Although we are not in a position to extract a precise reply from Foucault's texts, we can at least find a good point of departure for the definition of liberalism, and this will be my first step. Foucault was destined to continue his investigation into the current neoliberalism. And that was precisely what he did in The Birth of Biopolitics. I will talk about this in the second part of my lecture, along with the link between Foucault and Lacan. Thirdly, I will develop Laclau's progression from the notion of hegemony to populist reason. Fourthly, I will identify Laclau's liberal position in the very core of his [End Page 151] populist reason. Finally, I will identify the weak points in Laclau's arguments, his faith in rhetoric, and his obsession with the concept of hegemony.

1. Foucault on Liberalism

In Foucault, "liberalism" introduces the framework of political rationality to the state mechanisms based on discipline—right and biopolitics—where biopolitics is understood as a technology of populations (2008a). This function is very complex since it determines the crucial tasks of the system, challenging the aforementioned apparatuses and defining their own limits. This question, when brought to an adequate level of theoretical radicalness, can identify the existing mediation between liberty and governmental apparatuses. Between a "system concerned about respect for legal subjects and individual free enterprise" (2008, 317), on the one hand, and the disciplinary and biopolitical apparatuses that consider population en masse, on the other, adequate mediations should be established. We can see that Foucault addresses the classic problem of the tensions between the massive and individualistic dimensions of democratic society. In liberalism, the former constitute the framework of political rationality and the latter concentrate on the action of government as biopower.

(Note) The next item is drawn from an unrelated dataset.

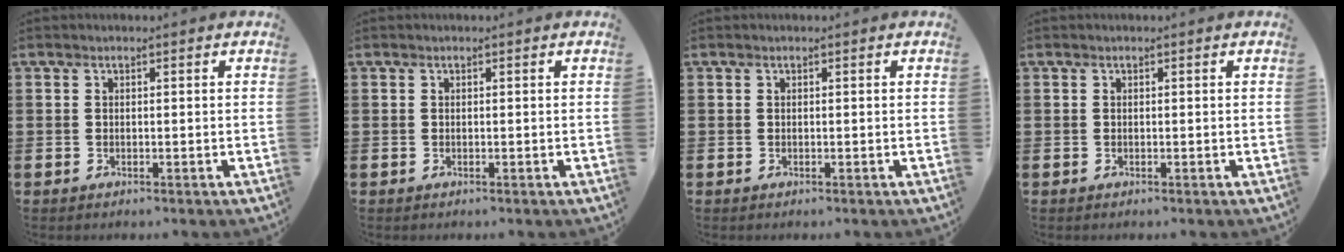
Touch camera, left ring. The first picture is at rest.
{"total": 0.0}
{"total": 0.0}
{"total": 0.0}

In Foucault's analysis, as in the rest of conventional analyses, such tensions cannot be completely resolved. For that reason, critique appears as the only appropriate practice for liberalism, that is to say, the continuous reflection, the aspiration to rationalize the government. Liberalism requires the government—with all its apparatuses—not to be an end in and of itself. Government cannot become absolute. This rationalization humiliates the old raison d'état and reduces the central role of police.1 For liberalism, Foucault recalls, governments always govern too much. The liberal attitude imposes even the need to legitimize anything that could be an aim of the government. For liberalism, government will no longer have its own aims because it is no longer considered a natural institution. Now Foucault must respond to the question, Why must one govern? (2008a, 319).

In the summary of his 1978-79 seminar, Foucault spoke about a "liberal technology of government," employing Franklin's phrase, "a technology of [End Page 152] frugal government" (2008a, 322), as a general expedient to establish the mediation we are talking about. In his opinion—forged in the perception of the differences between the physiocrats and the liberals—the said technology required social regulation.2 He described it in classic fashion, as "participation of the governed in drawing up the law in a parliamentary system" (2008a, 321). This was the technique that seemed most rational and compatible with the governmental economy, or with a rationalization of the government. Here, a historical synthesis that was neither necessary nor typical took place. Liberalism has not always been linked to democratic parliamentarianism, just as democracy, always endowed with technical and disciplinary biopolitics, has not always been linked to liberalism. In fact, liberalism can drastically limit its criticism, reducing it to its economic aspects. The state can even eliminate criticism, as occurs in authoritarian states.

The most interesting part of Foucault's description—for it cannot be...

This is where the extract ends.